Archbishop Philip Tartaglia of Glasgow expressed profound disappointment with the court’s ruling, saying in a statement quoted by The Guardian (U.K.):
I am dismayed and disappointed at this decision of the Supreme Court which fundamentally impacts on the right of every citizen in this country to follow their conscience in the workplace.
This was never a case about the rights and wrongs of abortion. Nor was it a case about religion. Rather it was a case that centered on the right of ordinary citizens to have their conscience respected in society and at work. All of society is a poorer, less respectful and less tolerant place as a result of this decision.
Though this case takes place in Britain, it has similarities with many issues in the United States involving moral concepts such as the right to life and government disregarding its citizens’ freedom of conscience.
The similarities between the U.K. high court’s use of the Abortion Act of 1967 to extend mandatory access to abortion and the U.S. Supreme Court’s disallowing of most state restrictions on abortion in the United States based on the Roe v. Wade and Doe v. Bolton decisions naturally invite comparison. Also at stake is the concept of state sovereignty, as the theoretically sovereign American states and the once-sovereign country of Scotland (which has limited self-government) are subject to high-court rulings from Washington and London respectively. (The Scots missed a valuable opportunity to achieve full sovereignty when they rejected a referendum on independence last September 18, and American. states have long frittered away their sovereignty by capitulating to overbearing federal usurpations that are in clear violation of the Tenth Amendment.)

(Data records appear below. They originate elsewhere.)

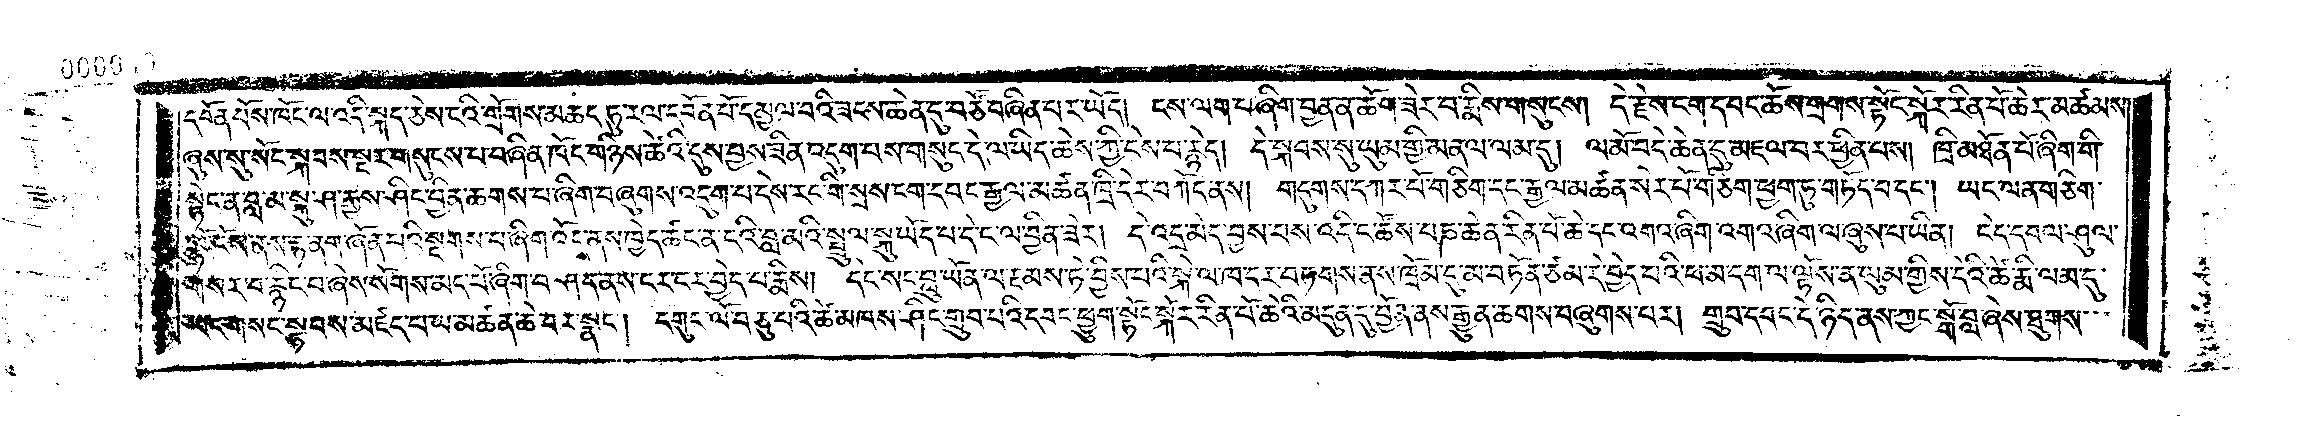དབོན་པོས་ཁོང་ལ་འདི་སྐད་ཅེས་ངའི་གྲོགས་མཆེད་ཏུ་རལ་དབོན་པོ་དམྱལ་བའི་ཟངས་ཆེན་དུ་བཙོ་བཞིན་པར་ཡོད། ངས་ལག་པ་ཞིག་བྱན་ན་ཆོག་ཟེར་བ་རྨིས་གསུངས། དེ་རྗེས་ངག་དབང་ཆོས་གྲགས་སྟོང་སྐོར་རིན་པོ་ཆེར་མཚམས་
ཞུས་སུ་སོང་སྐབས་སྔར་གསུངས་པ་བཞིན་ཁོང་གཉིས་ཚེའི་དུས་བྱས་ཟིན་འདུག་པས་གསུང་དེ་ལ་ཡིད་ཆེས་ཀྱི་ངེས་པ་རྙེད། དེ་སྐབས་སུ་ཡུམ་གྱི་མནལ་ལམ་དུ། ལ་མོ་བདེ་ཆེན་དུ་མཇལ་བར་ཕྱིན་པས། ཁྲི་མཐོན་པོ་ཞིག་གི་
སྟེང་ན་བླ་མ་སྐུ་ཤ་རྒྱས་ཤིང་བྱིན་ཆགས་པ་ཞིག་བཞུགས་འདུག་པ་དེས་རང་གི་སྲས་ངག་དབང་རྒྱལ་མཚན་ཁྲི་དེར་བཀོད་ནས། གདུགས་དཀར་པོ་གཅིག་དང་རྒྱལ་མཚན་སེར་པོ་གཅིག་ཕྱག་ཏུ་གཏོད་པ་དང་། ཡང་ལན་གཅིག་
ལྷོ་ངོས་ནས་རྟ་ན་གཞོན་པའི་སྔགས་པ་ཞིག་འོང་ནས་ཁྱེད་ཚང་ན་དའི་བླ་མའི་སྤྲུལ་སྐུ་ཡོད་པ་དེ་ང་ལ་བྱིན་ཟེར། དེ་འདྲ་མེད་བྱས་པས་འདི་ང་ཚོས་པཎ་ཆེན་རིན་པོ་ཆེ་དང་འགའ་ཞིག་འགའ་ཞིག་ལ་ཞུས་པ་ཡིན། ངེད་དཔལ་ཤུལ་
གསར་བ་རྙིང་བ་ཞེས་སོགས་མང་པོ་ཞིག་བཤད་ནས་ངར་ངར་བྱེད་པ་རྨིས། དེང་སང་བླུ་ཡོན་ལ་རྔམས་ཏེ་བྱིས་པའི་སྐེ་ལ་ཁ་ངར་བཏགས་ནས་ཁྲོམ་དུ་མ་བཏོན་ཙམ་རེ་བྱེད་པའི་ཕ་མ་དག་ལ་ལྟོས་ན་ཡུམ་གྱིས་དེའི་ཚེ་རྨི་ལམ་དུ་
ཡང་གསང་སྟབས་མཛད་པ་ཡ་མཚན་ཆེ་བར་སྣང་། དགུང་ལོ་བཅུ་པའི་ཚེ་མཁས་ཤིང་གྲུབ་པའི་དབང་ཕྱུག་སྟོང་སྐོར་རིན་པོ་ཆེའི་མདུན་དུ་བྱོན་ནས་རྒྱུན་ཆགས་བཞུགས་པར། གྲུབ་དབང་དེ་ཉིད་ནས་ཀྱང་སྒོ་བླ་ཞེས་ཐུགས་

The decision in this U.K. case also shares similarities with the Obama administration’s attack on the moral consciences of Americans by requiring employers to pay for their employees’ contraceptives, including those that act as abortifacients, under ObamaCare’s contraceptive mandate.
However, there are still rays of hope in the United States, as indicated by the Supreme Court’s 5-4 decision on June 30 in favor of two family-held companies — Hobby Lobby and Conestoga Wood Specialties — both of which had said that the contraceptive mandate would represent an unacceptable moral obstacle to their business.

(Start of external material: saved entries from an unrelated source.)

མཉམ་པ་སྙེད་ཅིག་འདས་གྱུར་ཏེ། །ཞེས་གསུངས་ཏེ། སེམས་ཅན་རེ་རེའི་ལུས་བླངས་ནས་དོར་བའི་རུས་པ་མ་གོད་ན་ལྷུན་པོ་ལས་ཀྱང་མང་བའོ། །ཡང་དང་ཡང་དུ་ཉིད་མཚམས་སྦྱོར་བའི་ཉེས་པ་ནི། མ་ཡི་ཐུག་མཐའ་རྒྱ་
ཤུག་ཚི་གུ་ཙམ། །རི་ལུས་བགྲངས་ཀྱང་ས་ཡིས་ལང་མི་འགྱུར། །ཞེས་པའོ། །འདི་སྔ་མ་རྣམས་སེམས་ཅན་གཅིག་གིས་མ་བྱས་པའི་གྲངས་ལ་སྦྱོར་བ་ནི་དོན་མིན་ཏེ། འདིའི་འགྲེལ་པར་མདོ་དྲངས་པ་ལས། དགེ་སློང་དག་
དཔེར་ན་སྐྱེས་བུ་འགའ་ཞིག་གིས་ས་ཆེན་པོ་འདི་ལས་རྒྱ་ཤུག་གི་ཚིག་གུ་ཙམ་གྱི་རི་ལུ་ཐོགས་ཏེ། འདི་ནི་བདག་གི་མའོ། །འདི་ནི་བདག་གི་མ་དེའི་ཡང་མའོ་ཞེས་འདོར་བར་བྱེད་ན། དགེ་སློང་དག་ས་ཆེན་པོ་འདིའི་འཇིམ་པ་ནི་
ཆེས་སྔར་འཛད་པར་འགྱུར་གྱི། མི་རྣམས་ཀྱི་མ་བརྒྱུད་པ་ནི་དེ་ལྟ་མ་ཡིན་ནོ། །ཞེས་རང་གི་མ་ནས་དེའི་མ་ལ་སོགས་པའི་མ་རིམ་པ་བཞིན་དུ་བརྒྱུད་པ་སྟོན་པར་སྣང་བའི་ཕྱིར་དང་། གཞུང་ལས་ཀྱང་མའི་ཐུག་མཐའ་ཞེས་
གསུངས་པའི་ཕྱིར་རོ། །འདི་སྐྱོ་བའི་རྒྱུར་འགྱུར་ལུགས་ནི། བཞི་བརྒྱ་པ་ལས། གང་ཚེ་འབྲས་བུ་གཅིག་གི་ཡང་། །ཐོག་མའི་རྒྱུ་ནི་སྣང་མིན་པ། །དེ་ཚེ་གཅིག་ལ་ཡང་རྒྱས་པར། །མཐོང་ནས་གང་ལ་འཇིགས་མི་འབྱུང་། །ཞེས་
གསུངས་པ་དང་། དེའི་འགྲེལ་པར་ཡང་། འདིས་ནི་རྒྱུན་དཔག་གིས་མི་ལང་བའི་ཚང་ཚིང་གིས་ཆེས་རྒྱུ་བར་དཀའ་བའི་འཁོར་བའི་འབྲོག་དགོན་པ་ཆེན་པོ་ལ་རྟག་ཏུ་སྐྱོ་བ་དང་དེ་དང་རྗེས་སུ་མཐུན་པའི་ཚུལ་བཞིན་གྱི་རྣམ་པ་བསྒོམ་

The majority opinion cited the Religious Freedom Restoration Act, asserting that the federal Department of Health and Human Services cannot force owners of Christian-based businesses to violate their convictions to adhere to the mandate.
It is nevertheless worthwhile for Americans to pay attention to what is occurring in other nominally Christian nations across the Atlantic, as a harbinger of what can happen here if people of faith are not vigilant.